§ **ASSIGNMENT**
Among the entries beneath this sentence, how many lines include the word "circle"? Only the number is wanted.
• • • • • • •
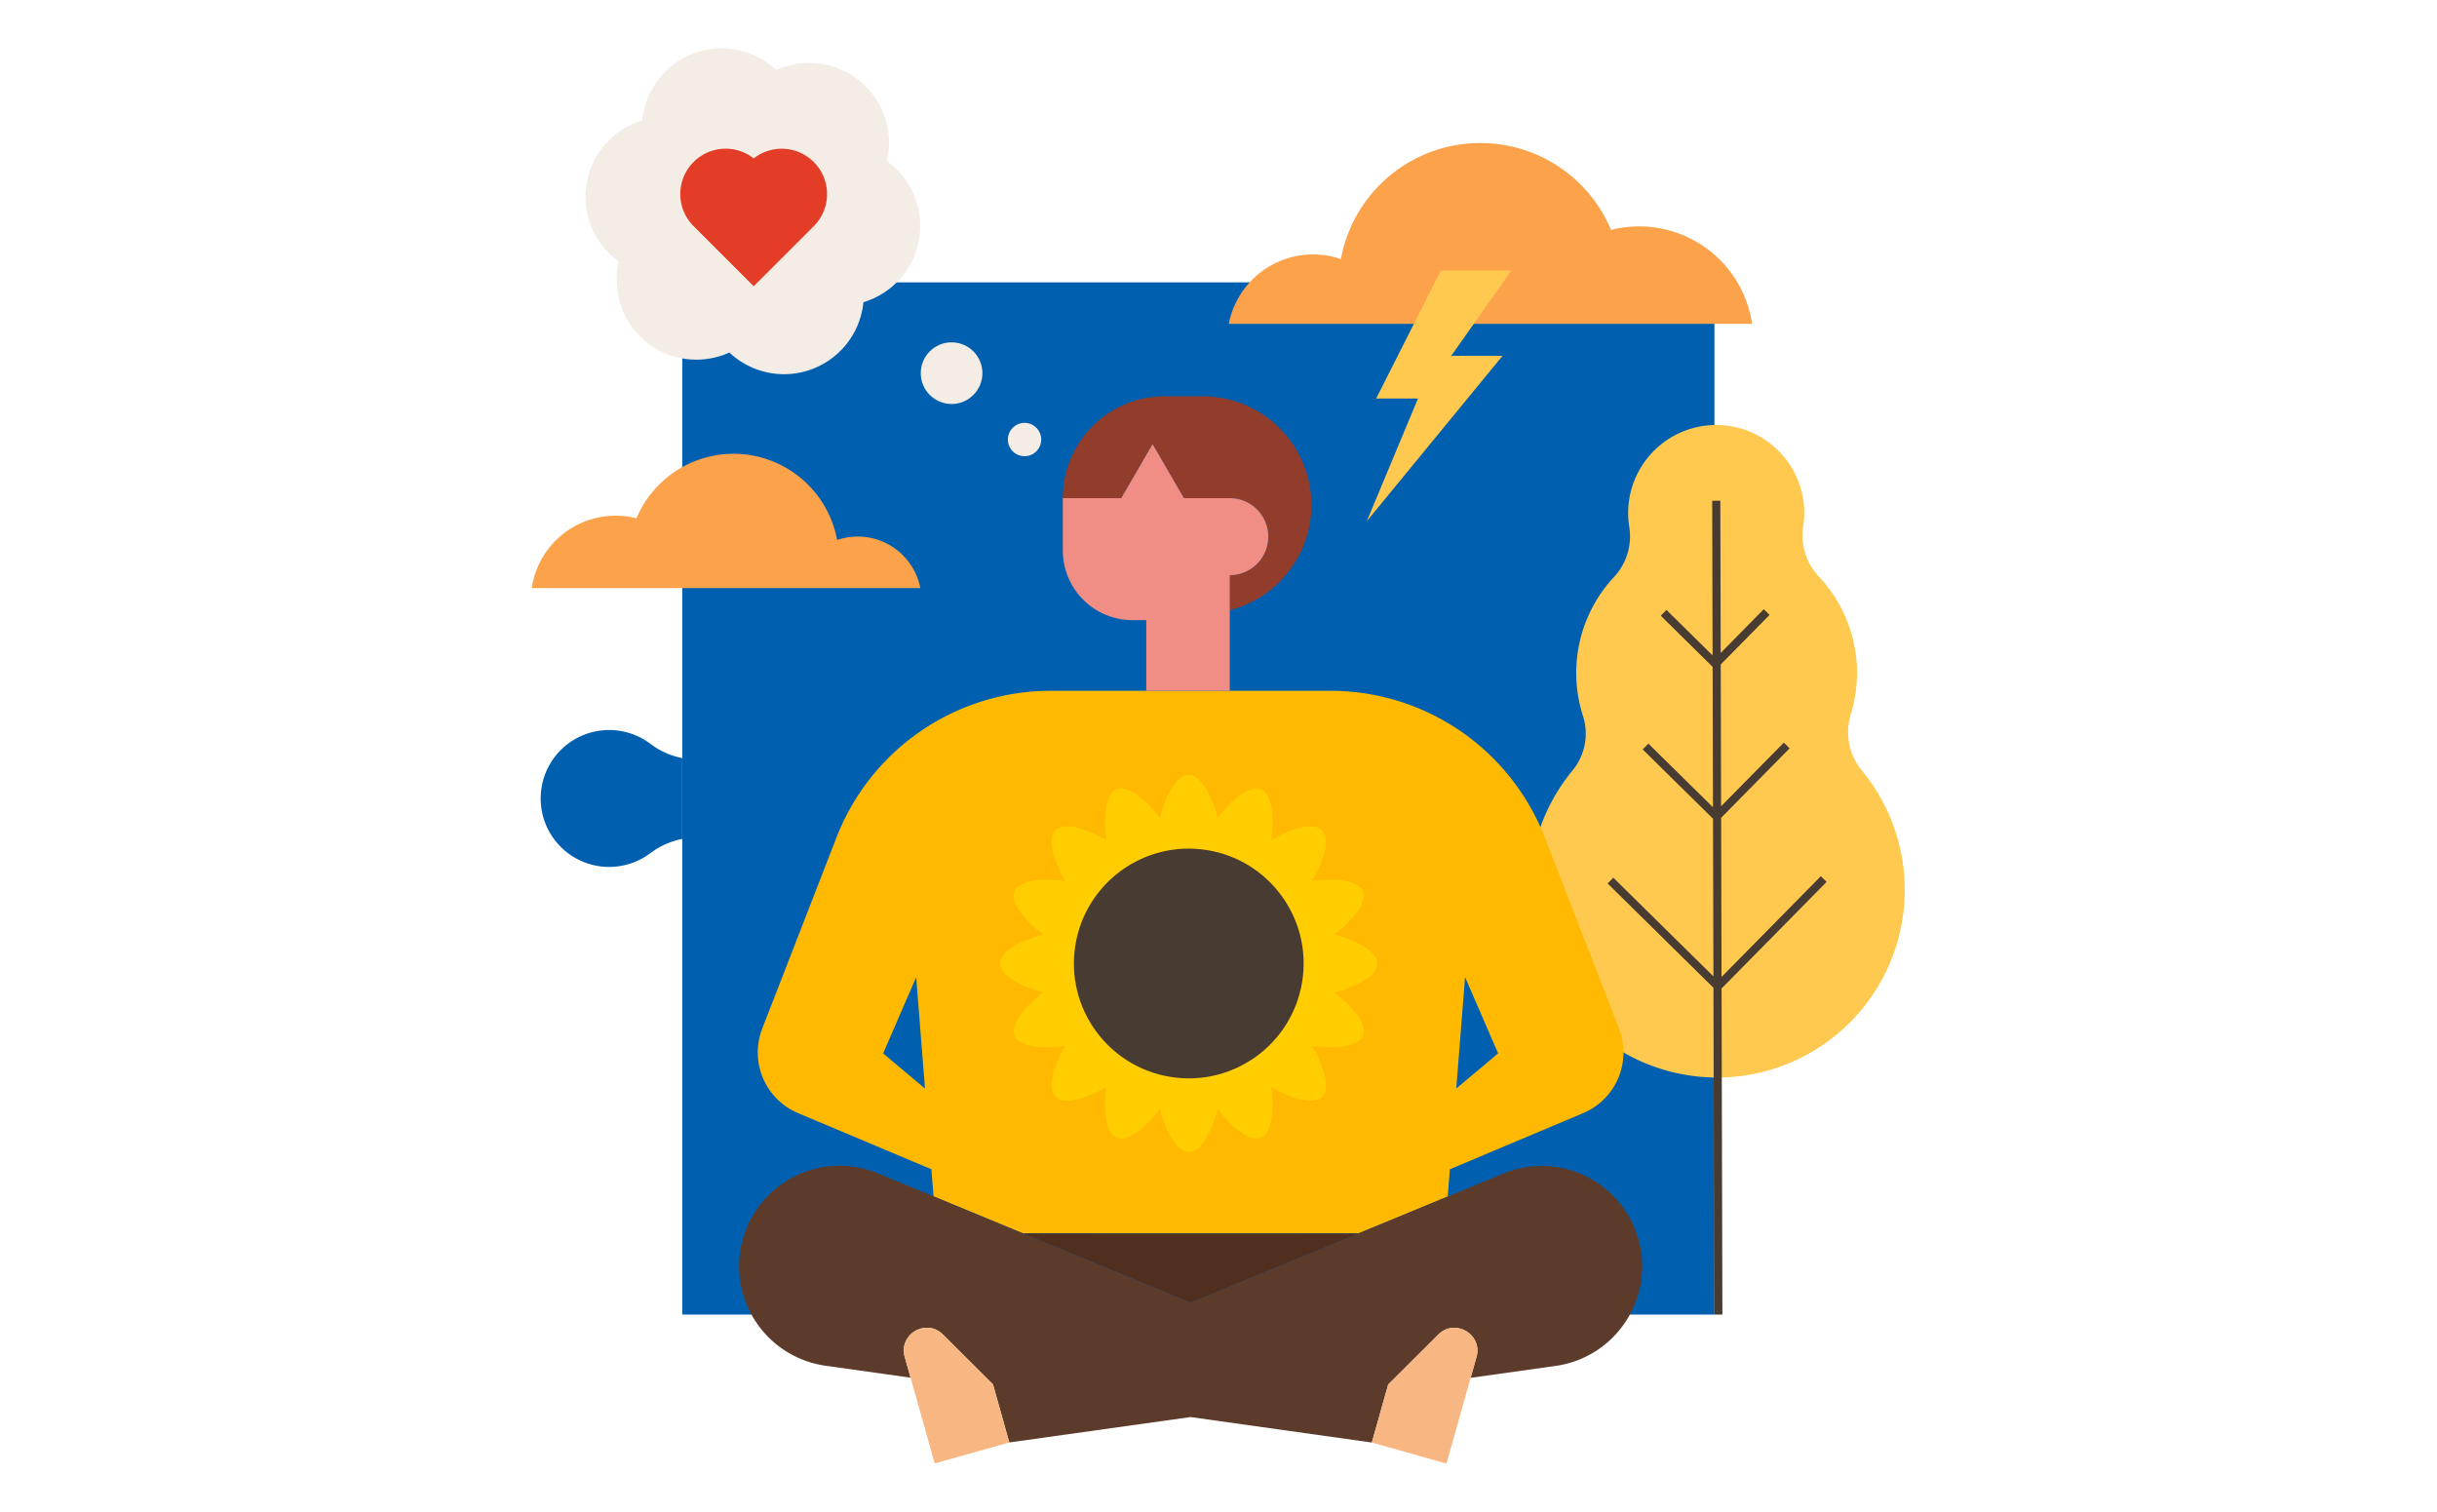 <?xml version="1.0" standalone="no"?>
<svg xmlns="http://www.w3.org/2000/svg" xmlns:xlink="http://www.w3.org/1999/xlink" width="967" height="600" viewBox="0 0 967 600">
  <defs>
    <clipPath id="clip-hero-MCBT">
      <rect width="967" height="600"/>
    </clipPath>
  </defs>
  <g id="hero-MCBT" clip-path="url(#clip-hero-MCBT)">
    <g id="Group_1976" data-name="Group 1976" transform="translate(132.932 -42.564)">
      <g id="Group_1939" data-name="Group 1939" transform="translate(81.652 154.602)">
        <g id="Group_1937" data-name="Group 1937" transform="translate(0 177.628)">
          <path id="Path_1844" data-name="Path 1844" d="M135.092,171.76a31.306,31.306,0,0,0-12.606,5.606,27.163,27.163,0,1,1,.085-43.229,30.577,30.577,0,0,0,12.521,5.554Z" transform="translate(-78.954 -128.571)" fill="#0060af"/>
        </g>
        <g id="Group_1938" data-name="Group 1938" transform="translate(56.136)">
          <rect id="Rectangle_460" data-name="Rectangle 460" width="409.553" height="409.553" fill="#0060af"/>
        </g>
      </g>
      <g id="Group_1941" data-name="Group 1941" transform="translate(474.011 211.165)">
        <g id="Group_1940" data-name="Group 1940">
          <path id="Path_1845" data-name="Path 1845" d="M192.91,235.788a23.038,23.038,0,0,0,4.149-21.669,55.768,55.768,0,0,1,12.156-54.94,23.634,23.634,0,0,0,6.242-19.852,35.455,35.455,0,0,1-.336-8.772,34.941,34.941,0,1,1,69.31,8.582,23.662,23.662,0,0,0,6.343,19.831,55.764,55.764,0,0,1,12.577,54.426,24.063,24.063,0,0,0,4.34,22.369,74.431,74.431,0,1,1-114.782.024Z" transform="translate(-175.88 -98.664)" fill="#ffc84f"/>
        </g>
        <path id="Path_1846" data-name="Path 1846" d="M225.844,429.016l-.329-129.665-41.986-41.378,2.259-2.294L225.5,294.819l-.159-62.546-27.905-27.508,2.259-2.294,25.634,25.262-.141-55.724-20.576-20.285,2.259-2.294,18.3,18.039-.156-61.368,3.225-.01.153,60.4,17.091-17.342,2.3,2.262-19.374,19.658.143,56.263,24.886-25.251,2.3,2.262-27.171,27.567.16,63.144,39.4-39.975,2.3,2.262L228.74,299.635l.329,129.371Z" transform="translate(-152.565 -76.025)" fill="#483c32"/>
      </g>
      <g id="Group_1943" data-name="Group 1943" transform="translate(78.069 222.621)">
        <g id="Group_1942" data-name="Group 1942">
          <path id="Path_1847" data-name="Path 1847" d="M111.336,126.062a33.673,33.673,0,0,1,8.286,1.032,41.785,41.785,0,0,1,79.613,8.59,25.312,25.312,0,0,1,33.028,19.095H78.069A33.639,33.639,0,0,1,111.336,126.062Z" transform="translate(-78.069 -101.494)" fill="#fba24a"/>
        </g>
      </g>
      <g id="Group_1946" data-name="Group 1946" transform="translate(354.643 99.306)">
        <g id="Group_1945" data-name="Group 1945">
          <g id="Group_1944" data-name="Group 1944">
            <path id="Path_1848" data-name="Path 1848" d="M309.248,104.12a45.456,45.456,0,0,0-11.156,1.388,56.273,56.273,0,0,0-107.216,11.569,34.087,34.087,0,0,0-44.484,25.717h207.66A45.3,45.3,0,0,0,309.248,104.12Z" transform="translate(-146.392 -71.031)" fill="#fba24a"/>
          </g>
        </g>
        <path id="Path_1849" data-name="Path 1849" d="M217.312,83.533,189.3,83.528l-25.673,50.8h16.6l-20.309,48.674,53.845-65.61-20.353-.006h0Z" transform="translate(-105.149 -32.941)" fill="#ffc84f"/>
      </g>
      <g id="Group_1953" data-name="Group 1953" transform="translate(99.384 61.754)">
        <g id="Group_1948" data-name="Group 1948">
          <g id="Group_1947" data-name="Group 1947">
            <path id="Path_1850" data-name="Path 1850" d="M215.728,137.358a31.629,31.629,0,0,0-12.8-30.915,31.64,31.64,0,0,0-43.873-36.076,31.639,31.639,0,0,0-53.179,19.957,31.638,31.638,0,0,0-9.306,56.033,31.638,31.638,0,0,0,43.873,36.076,31.641,31.641,0,0,0,53.179-19.957A31.638,31.638,0,0,0,215.728,137.358Z" transform="translate(-83.334 -61.754)" fill="#f4ede6"/>
          </g>
        </g>
        <g id="Group_1950" data-name="Group 1950" transform="translate(133.039 116.638)">
          <g id="Group_1949" data-name="Group 1949">
            <circle id="Ellipse_106" data-name="Ellipse 106" cx="12.231" cy="12.231" r="12.231" fill="#f4ede6"/>
          </g>
        </g>
        <g id="Group_1952" data-name="Group 1952" transform="translate(167.611 148.592)">
          <g id="Group_1951" data-name="Group 1951">
            <circle id="Ellipse_107" data-name="Ellipse 107" cx="6.614" cy="6.614" r="6.614" fill="#f4ede6"/>
          </g>
        </g>
      </g>
      <g id="Group_1956" data-name="Group 1956" transform="translate(137.042 101.585)">
        <g id="Group_1955" data-name="Group 1955">
          <g id="Group_1954" data-name="Group 1954">
            <path id="Path_1851" data-name="Path 1851" d="M121.729,126.153,97.9,102.323a18,18,0,0,1,23.831-26.9,18,18,0,0,1,23.827,26.9Z" transform="translate(-92.637 -71.594)" fill="#e33d28"/>
          </g>
        </g>
      </g>
      <g id="Group_1971" data-name="Group 1971" transform="translate(160.326 199.807)">
        <g id="Group_1957" data-name="Group 1957" transform="translate(194.756 332.166)">
          <path id="Path_1852" data-name="Path 1852" d="M197.442,177.929l.037-.015H146.5Z" transform="translate(-146.501 -177.914)" fill="none"/>
        </g>
        <g id="Group_1958" data-name="Group 1958" transform="translate(57.174 230.481)">
          <path id="Path_1853" data-name="Path 1853" d="M112.513,183.03l16.609,13.939-3.5-44.175Z" transform="translate(-112.513 -152.794)" fill="none"/>
        </g>
        <g id="Group_1959" data-name="Group 1959" transform="translate(284.586 230.481)">
          <path id="Path_1854" data-name="Path 1854" d="M172.193,152.794l-3.5,44.175L185.3,183.03Z" transform="translate(-168.691 -152.794)" fill="none"/>
        </g>
        <g id="Group_1960" data-name="Group 1960" transform="translate(7.428 116.851)">
          <path id="Path_1855" data-name="Path 1855" d="M287.554,340.039h50.977l35.453-14.646.858-10.824L427.73,292.3a26.153,26.153,0,0,0,14.229-33.57l-29.47-75.84a91.191,91.191,0,0,0-85-58.166H216.471a91.2,91.2,0,0,0-85,58.166L102,258.73a26.149,26.149,0,0,0,14.229,33.57l52.888,22.268.85,10.756,35.505,14.69Zm93.327-101.687,13.112,30.239L377.38,282.528ZM149.97,268.591l13.108-30.239,3.5,44.176Z" transform="translate(-100.224 -124.724)" fill="#ffb900"/>
        </g>
        <g id="Group_1961" data-name="Group 1961" transform="translate(112.738 332.166)">
          <path id="Path_1856" data-name="Path 1856" d="M126.239,177.914l66.443,27.492L259.2,177.929l-50.942-.015Z" transform="translate(-126.239 -177.914)" fill="#512f1e"/>
        </g>
        <g id="Group_1962" data-name="Group 1962" transform="translate(112.678 332.142)">
          <path id="Path_1857" data-name="Path 1857" d="M208.3,177.933l-82.078-.025.059.025Z" transform="translate(-126.225 -177.908)" fill="#512f1e"/>
        </g>
        <g id="Group_1965" data-name="Group 1965" transform="translate(128.459)">
          <g id="Group_1963" data-name="Group 1963">
            <path id="Path_1858" data-name="Path 1858" d="M228.778,138.994a43.137,43.137,0,0,0-43.136-43.136H170.535a40.41,40.41,0,0,0-40.411,40.407h23.191l12.44-21.422,12.44,21.422h18.18a15.289,15.289,0,1,1,0,30.579v13.889A43.119,43.119,0,0,0,228.778,138.994Z" transform="translate(-130.123 -95.858)" fill="#923c2b"/>
          </g>
          <g id="Group_1964" data-name="Group 1964" transform="translate(0 18.985)">
            <path id="Path_1859" data-name="Path 1859" d="M196.373,121.97h-18.18l-12.44-21.422-12.44,21.422H130.123V142.7a27.687,27.687,0,0,0,27.689,27.689h5.436v28.029h33.125V152.549a15.289,15.289,0,1,0,0-30.579Z" transform="translate(-130.123 -100.548)" fill="#f08d84"/>
          </g>
        </g>
        <g id="Group_1970" data-name="Group 1970" transform="translate(0 305.282)">
          <g id="Group_1966" data-name="Group 1966">
            <path id="Path_1860" data-name="Path 1860" d="M455.255,200.444a39.87,39.87,0,0,0-53.6-26.049l-22.074,9.116-35.453,14.646-.036.016L277.57,225.651l-66.444-27.494-.057-.024-35.505-14.69-22.05-9.124a39.869,39.869,0,1,0-20.791,76.322l33.724,4.74-2.324-8.258c-2.445-8.691,7.792-15.01,14.46-9.489.235.2.478.368.7.6l19.864,19.815h0l.567,2.016.7,2.506,5.206,18.508h0L277.558,271l71.917,10.112,5.218-18.508.708-2.506.567-2.012,18.374-18.309,1.5-1.494c6.627-6.6,17.7-.1,15.16,8.9l-2.328,8.258,33.728-4.724A39.872,39.872,0,0,0,455.255,200.444Z" transform="translate(-98.389 -171.273)" fill="#5c3b2b"/>
          </g>
          <g id="Group_1969" data-name="Group 1969" transform="translate(65.366 64.288)">
            <g id="Group_1967" data-name="Group 1967">
              <path id="Path_1861" data-name="Path 1861" d="M150.5,211.652l-.567-2.016h0L130.07,189.821c-.227-.227-.47-.4-.7-.6-6.667-5.522-16.9.8-14.46,9.489l2.324,8.258L126.8,241l29.611-8.331-5.206-18.508Z" transform="translate(-114.537 -187.154)" fill="#f8b782"/>
            </g>
            <g id="Group_1968" data-name="Group 1968" transform="translate(185.721 0.031)">
              <path id="Path_1862" data-name="Path 1862" d="M186.781,189.859l-1.5,1.494-18.374,18.309-.567,2.012-.708,2.506-5.218,18.508,29.607,8.347,9.59-34.016,2.328-8.258C204.479,189.761,193.407,183.256,186.781,189.859Z" transform="translate(-160.416 -187.162)" fill="#f8b782"/>
            </g>
          </g>
        </g>
      </g>
      <g id="Group_1975" data-name="Group 1975" transform="translate(263.926 350.013)">
        <g id="Group_1972" data-name="Group 1972">
          <path id="Path_1863" data-name="Path 1863" d="M273.67,207.808c0-5.2-9.541-9.646-17.119-11.48,6.3-4.6,13.411-12.355,11.423-17.16s-12.5-5.262-20.212-4.056c4.064-6.659,7.663-16.548,3.987-20.228s-13.569-.077-20.228,3.987c1.206-7.707.753-18.22-4.056-20.212s-12.561,5.121-17.16,11.423c-1.834-7.582-6.279-17.119-11.48-17.119s-9.646,9.537-11.484,17.119c-4.595-6.3-12.351-13.415-17.16-11.423s-5.262,12.5-4.056,20.212c-6.655-4.064-16.544-7.667-20.224-3.987s-.077,13.569,3.987,20.228c-7.707-1.206-18.22-.753-20.212,4.056s5.121,12.561,11.424,17.16c-7.582,1.834-17.119,6.279-17.119,11.48s9.537,9.646,17.119,11.48c-6.3,4.6-13.415,12.355-11.424,17.164s12.5,5.262,20.212,4.056c-4.064,6.655-7.667,16.544-3.987,20.224s13.569.077,20.224-3.987c-1.206,7.707-.749,18.22,4.056,20.212s12.565-5.121,17.16-11.424c1.838,7.582,6.283,17.119,11.484,17.119s9.646-9.537,11.48-17.119c4.6,6.3,12.355,13.415,17.16,11.424s5.262-12.5,4.056-20.212c6.659,4.064,16.548,7.667,20.228,3.987s.077-13.569-3.987-20.224c7.707,1.206,18.22.749,20.212-4.056s-5.125-12.565-11.423-17.164C264.129,217.455,273.67,213.01,273.67,207.808Z" transform="translate(-123.982 -132.964)" fill="#ffcd00"/>
        </g>
        <g id="Group_1974" data-name="Group 1974" transform="translate(22.552 22.553)">
          <g id="Group_1973" data-name="Group 1973" transform="translate(0)">
            <circle id="Ellipse_108" data-name="Ellipse 108" cx="45.579" cy="45.579" r="45.579" transform="translate(0 89.98) rotate(-80.783)" fill="#483c32"/>
          </g>
        </g>
      </g>
    </g>
  </g>
</svg>
• • • • • • •
§ **EXERCISE ANSWER**
3